» Goal of the exercise: Leaving out pictures, output exactly the lines below from the one that has "optic disc center@(x: 1896, y: 1004);" through the one that has "1440x1080 · wide-field", and nothing else.
+++
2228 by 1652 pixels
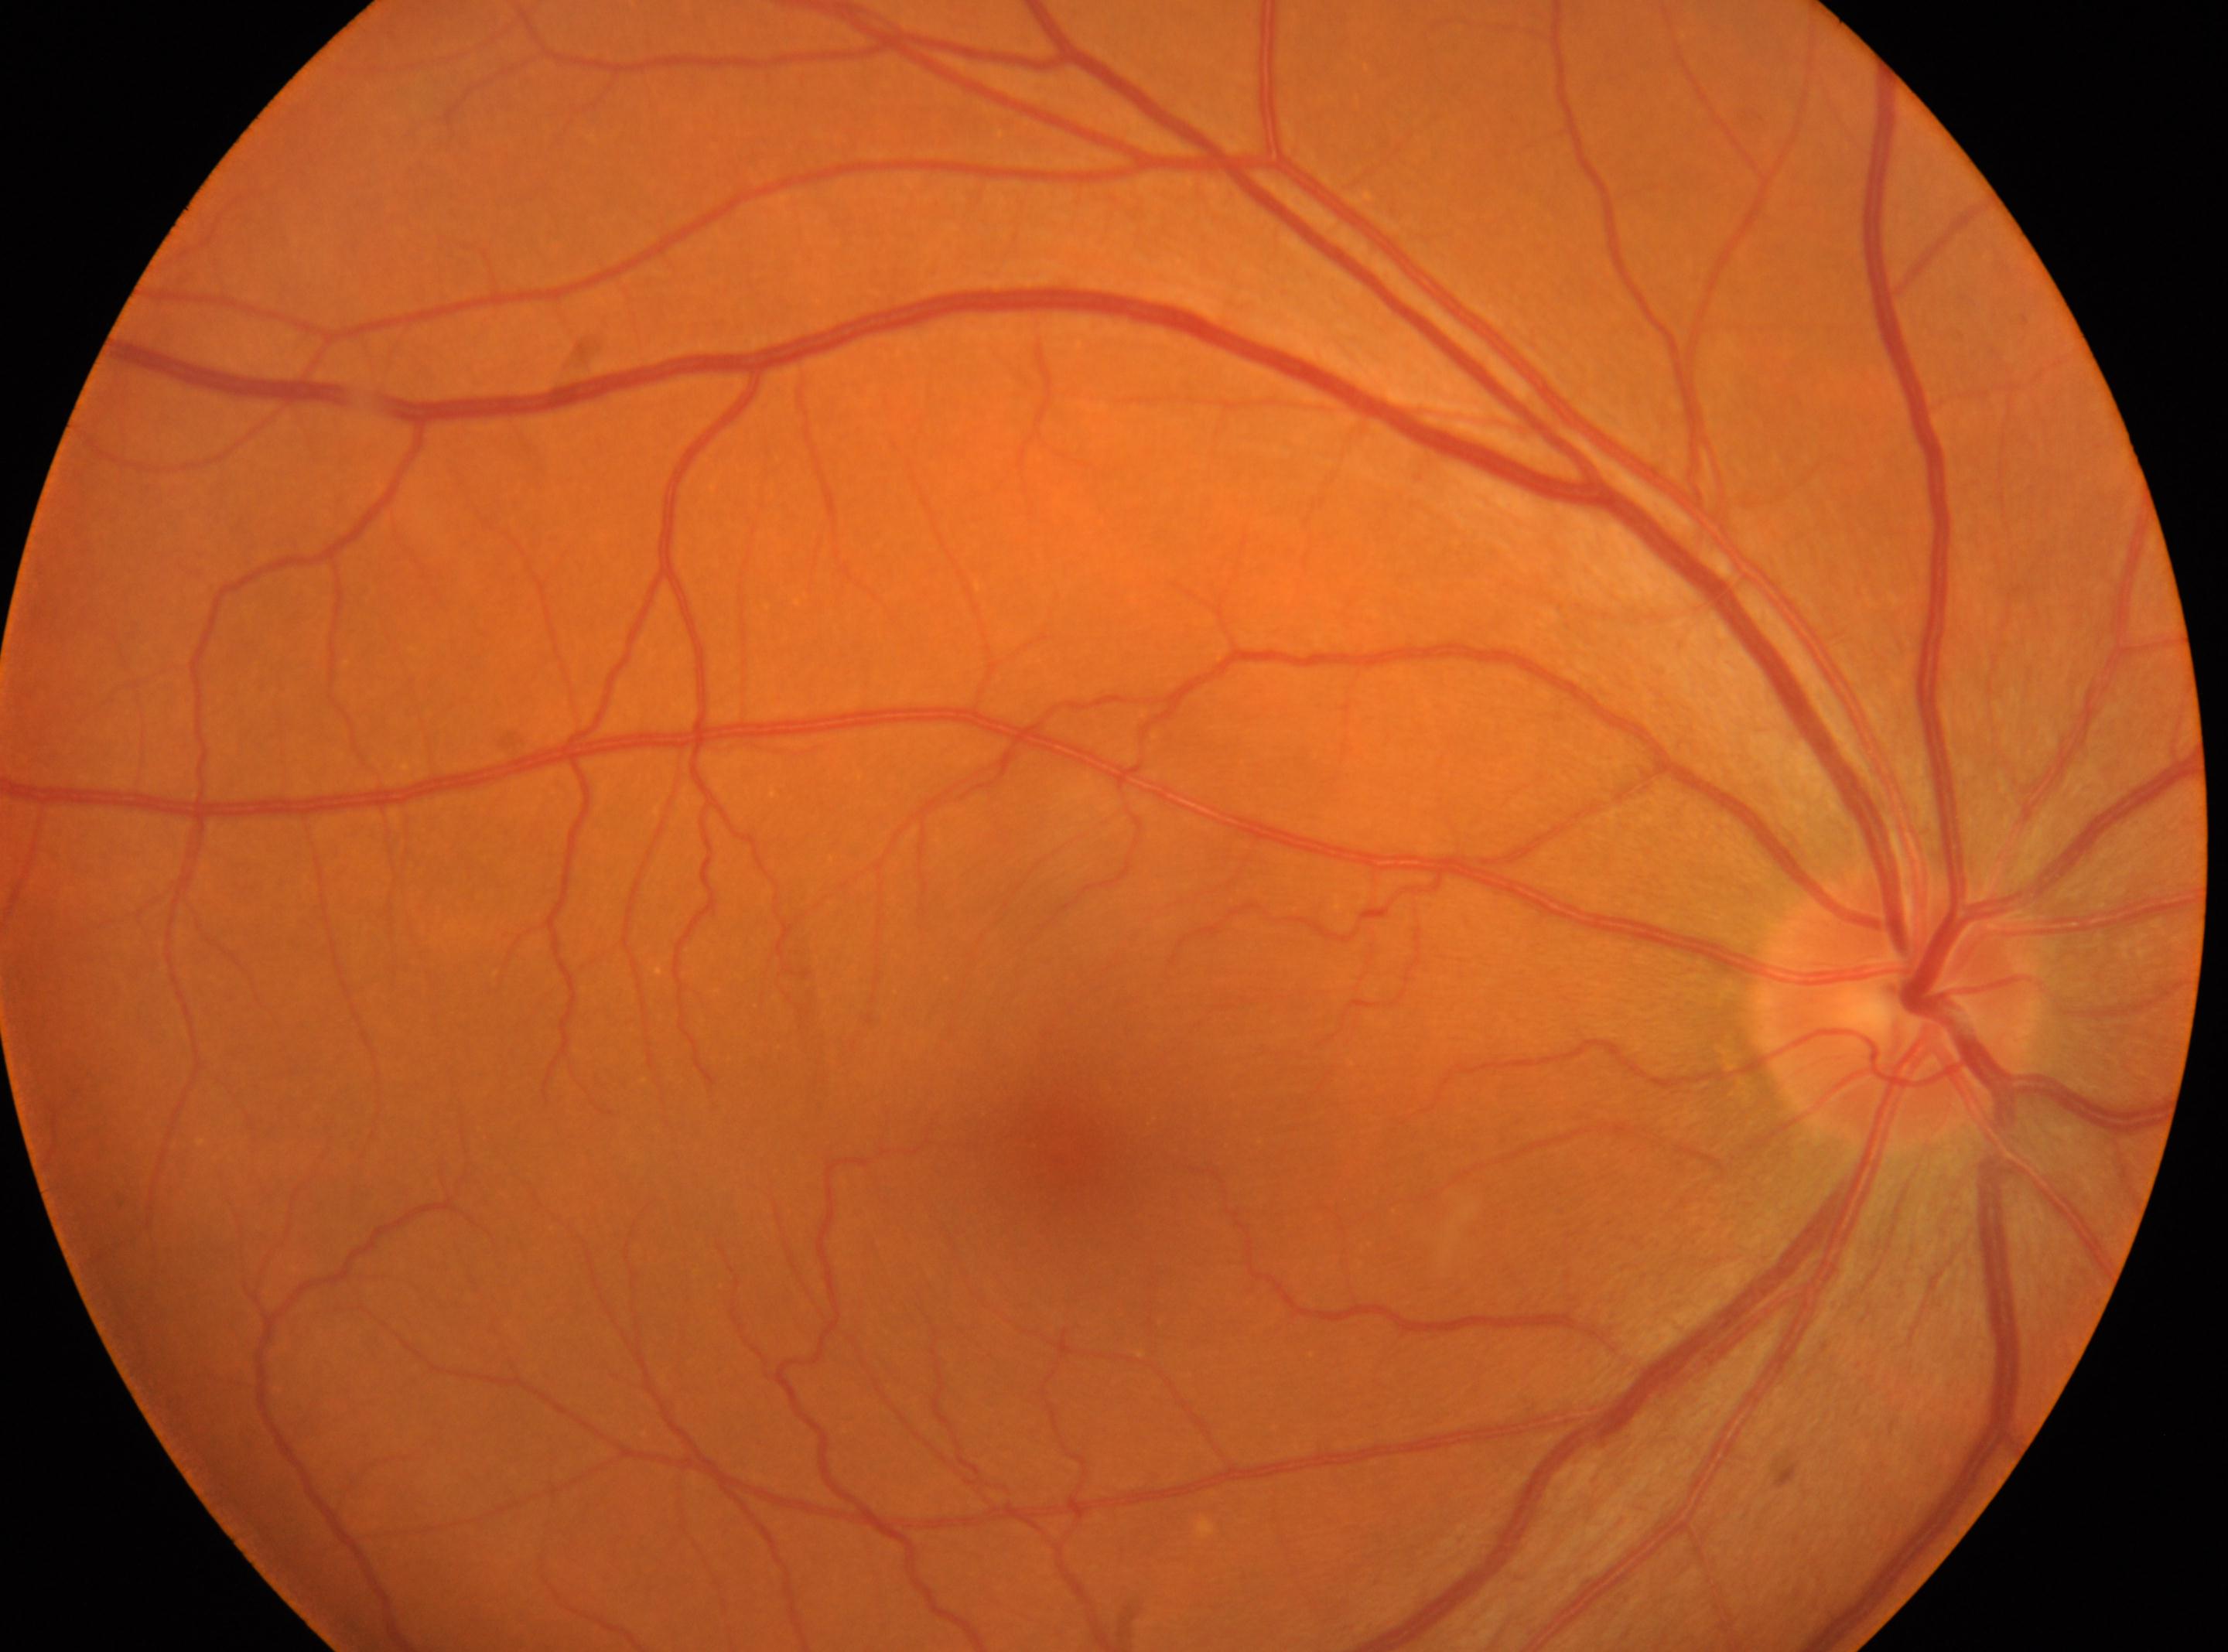 optic disc center@(x: 1896, y: 1004); No diabetic retinal disease findings; retinopathy@no apparent retinopathy (grade 0) — no visible signs of diabetic retinopathy; right eye; fovea centralis@(x: 1066, y: 1155).
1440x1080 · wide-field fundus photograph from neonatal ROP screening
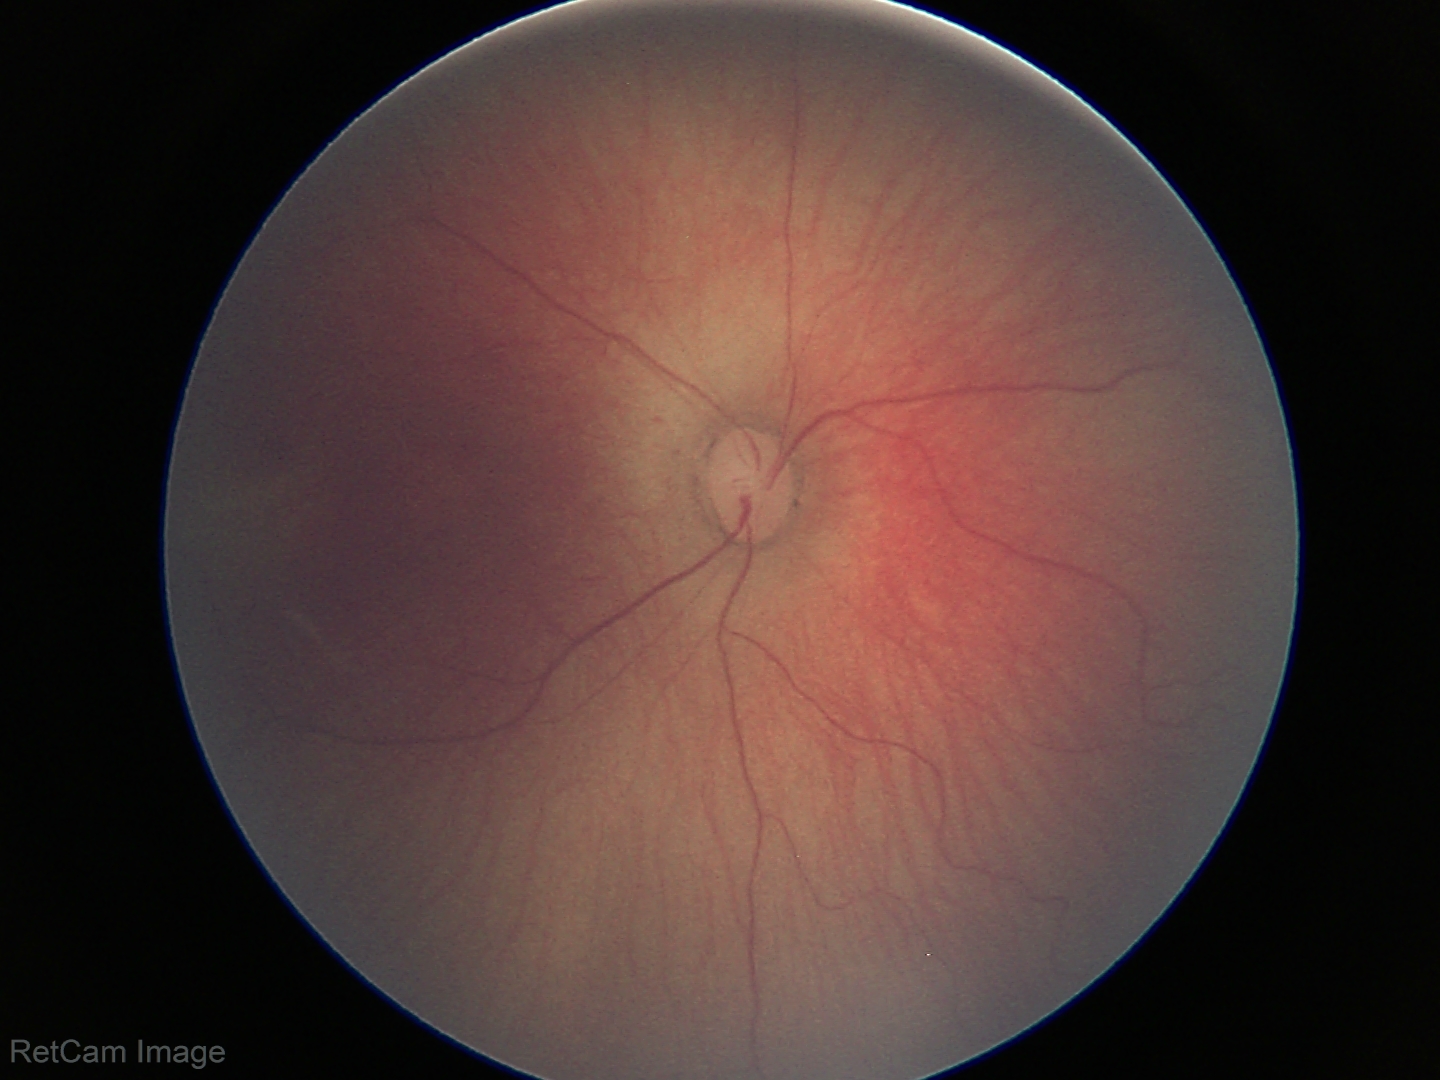

Q: Is plus disease present?
A: no plus disease
Q: What is the diagnosis from this examination?
A: ROP stage 1 — demarcation line between vascular and avascular retina
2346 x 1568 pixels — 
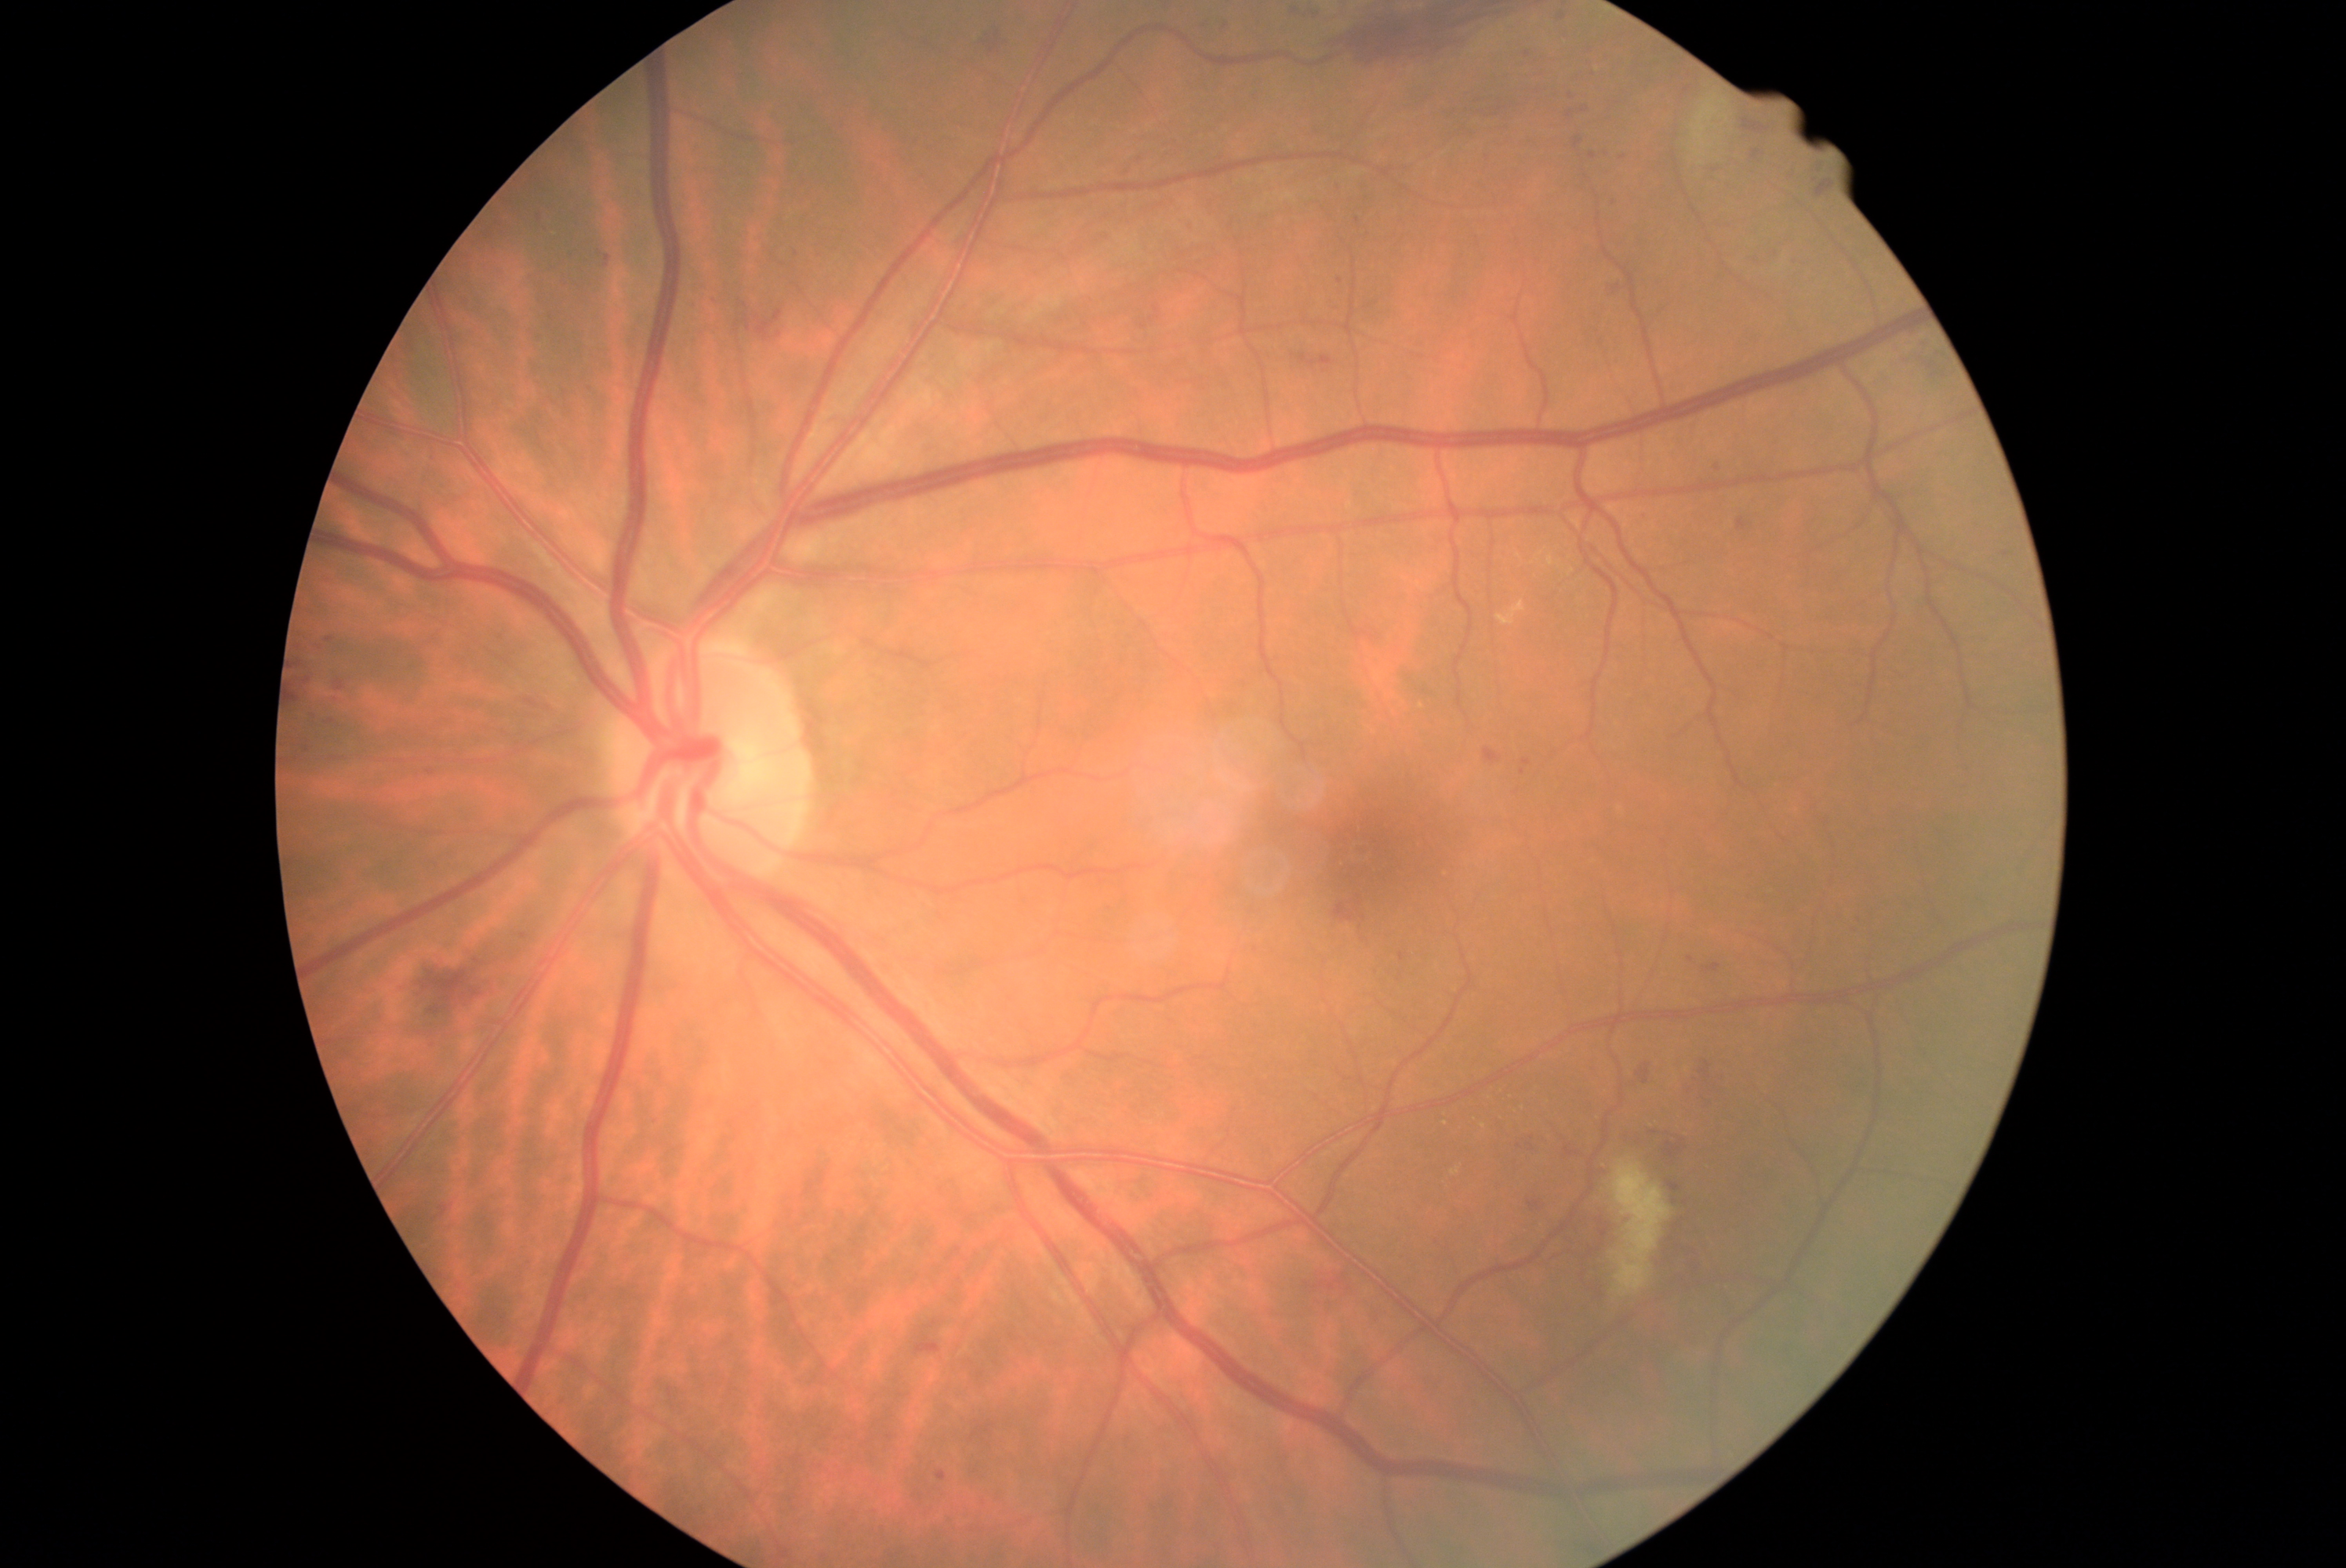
+++
» Exercise solution:
 optic disc center@(x: 1896, y: 1004); No diabetic retinal disease findings; retinopathy@no apparent retinopathy (grade 0) — no visible signs of diabetic retinopathy; right eye; fovea centralis@(x: 1066, y: 1155).
1440x1080 · wide-field fundus photograph from neonatal ROP screening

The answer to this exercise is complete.